The catalog refers to the leaves as having a chocolate-colored line with mint-green margins, but to me the leaves are a dark mahogany, and the margins are a dark lime-green color.
Chocolate Mint is made for the shade or filtered-light area of the garden. I first thought the plant could not take our intense heat and humidity, but it is a real trooper once acclimated.
Chocolate Mint coleus defies everything I was taught about coleus. I was taught to look for vegetatively propagated coleus because seed-produced coleus make flowers and therefore seed. We grow coleus for foliage, not flowers.
Chocolate Mint is a seed-produced variety being introduced by Pan American Seed. Here we are in August, and Chocolate Mint hasn't even given a hint of a bud set, but I have already had to pinch flowers on some of my prized cutting-grown coleus. Even though it is a seed-produced variety, you will still buy transplants in the spring.
The leaves are large, reaching 6 inches across. At my house, the plant has reached almost 3 feet tall. It offers incredible beauty and versatility when it comes to picking plant partners. One of my most notable partnerships for Chocolate Mint is with the new Limon Talinium or Jewels of Opar. The dark lime-green margins of Chocolate Mint are the perfect match for the lime green of the Limon.
I also have it partnered in another section of the landscape with gingers and the Imperial Taro or Illustris elephant ear. It looks exotic and tropical in this area.
Then I have it partnered with the new Electric Lime coleus that grows exceedingly well in sun or shade. Chocolate Mint would look awesome with Sum & Substance hosta, Lime Zinger elephant ear, Tiger Fern (the variegated Boston type) and other plants like bananas.
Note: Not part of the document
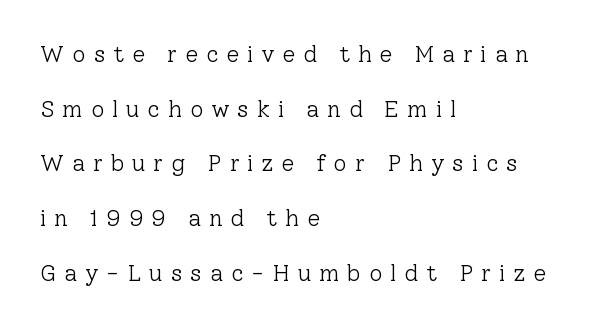
This sample is left-justified, so line endings fall wherever the words run out. Posture: upright roman. Each new line begins a long way beneath the previous one. Glyph-to-glyph distance is far greater than everyday printed text.
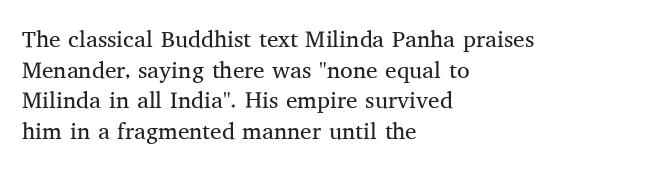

One of the keys to success with Chocolate Mint -- or any coleus -- is to improve bedding soil. In heavy clay soil, organic matter will improve drainage and aeration and allow better root development. Liberal amounts of organic matter help sandy soils hold water and nutrients.
Organic matter, which improves soil and serves as a food source for soil fungi and bacteria, comes in the form of peat moss, compost, hay, grass clippings, barnyard fertilizer, shredded bark, leaves or even shredded newspapers. Add enough to physically change the soil structure. Ideally, at least one-third of the final soil mix should be some type of organic material.
To accomplish this, spread 2 to 4 inches of organic matter and the recommended rate of fertilizer over the garden surface and till to a depth of 6 to 10 inches. My favorite fertilizer for coleus is a 12-6-6. A preplant fertilizer followed by light monthly applications will keep plants growing well.
I can't predict when Chocolate Mint will arrive at your favorite garden center. I can predict whether or not you will like it, and believe me when I say this plant has winner written all over it.